When was the last time a largely old-time music album made a year-end Top Ten list at such prestigious publications as The New Yorker and the UK’s The Guardian? It’s likely safe to say “Never.” The critical acclaim lavished on Jake Blount’s May 2020 release Spider Taleswould be the envy of a debut album in any genre. (Blount previously released an EP and a couple of band projects, but this is the first full-scale album under his name.) How did this one rise from the sequestered old-time niche to such wide notice?
Blount is an exceptional old-time banjo player, a skill rewarded by winning the 2020 Steve Martin Banjo Prize and first place in banjo at the 2019 Appalachian String Band Music Festival. He’s also a fine fiddler and a good singer. On Spider Taleshe’s joined by other young talents, most notably fiddler Tatiana Hargreaves. The two have great musical rapport, loose but never sloppy, whether playing twin fiddles or banjo and fiddle. There’s terrific energy between Blount and Hargreaves, and that kicks up a polyrhythmic notch when Nic Gareiss joins them on “feet,” as he does on three tracks. He’s a terrific percussionist! Thanks to expert engineering by Joseph DeJarnette, the music barrels across with a very live, in-your-face feeling. It’s simply a great-sounding, well recorded album.
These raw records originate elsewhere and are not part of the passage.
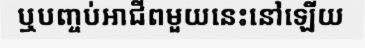
ឬបញ្ចប់អាជីពមួយនេះនៅឡើយ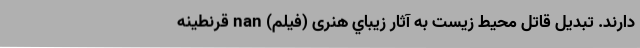
دارند. تبديل قاتل محيط زيست به آثار زيباي هنری (فیلم) nan قرنطینه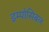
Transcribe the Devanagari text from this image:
इम्पोसिबल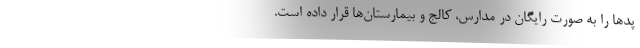
پدها را به صورت رایگان در مدارس، کالج و بیمارستان‌ها قرار داده است.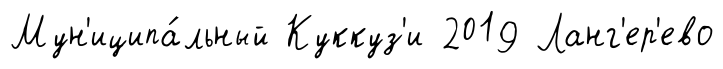
Мун'иципа́льный Куккуз'и 2019 Ланг'ер'ево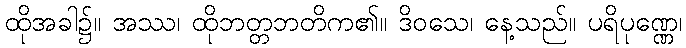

In the album notes, Blount, who is Black, writes of Spider Tales in African folklore and calls the 14 tracks on his album (half with vocals, half wholly instrumental) “Spider Tales in their own right, passed down largely amongst the same people…” Most of the songs and tunes on Spider Tales come from Black sources; three are from North Carolina Cherokee fiddlers Manco Sneed and brothers Osey and Ernest Helton. Blount spotlights the often-overlooked African American and indigenous roots of many fiddle and banjo tunes. He also offers up a ring shout (“Move, Daniel”), a spiritual (“The Angels Done Bowed Down”), and a disparate couple of blues: the vitriolic “Mad Mama’s Blues,” which comes from 1920s “classic blues” vocalist Josie Miles, and “Where Did You Sleep Last Night,” the much-covered Lead Belly variant of “In the Pines.”
For a good-time blast, the rollicking “Rocky Road to Dublin,” with the fiddles of Blount and Hargreaves driven forward by Rachel Eddy on guitar, Jeff Claus on banjo-uke, and Haselden Ciaccio on bass, takes the blue ribbon. For a more astringent (but no less danceable) dose of off-kilter ear candy, the spare-sounding banjo-fiddle duet “English Chicken” is a winner. Of Blount’s vocals, “Brown Skin Baby,” which showcases just him and his fiddle, may be the most engaging. Anyone hoping to play along will find fiddle and banjo tunings in the liner notes. Spider Tales is a musical success from creative young artists bringing fresh perspectives to the old-time tradition.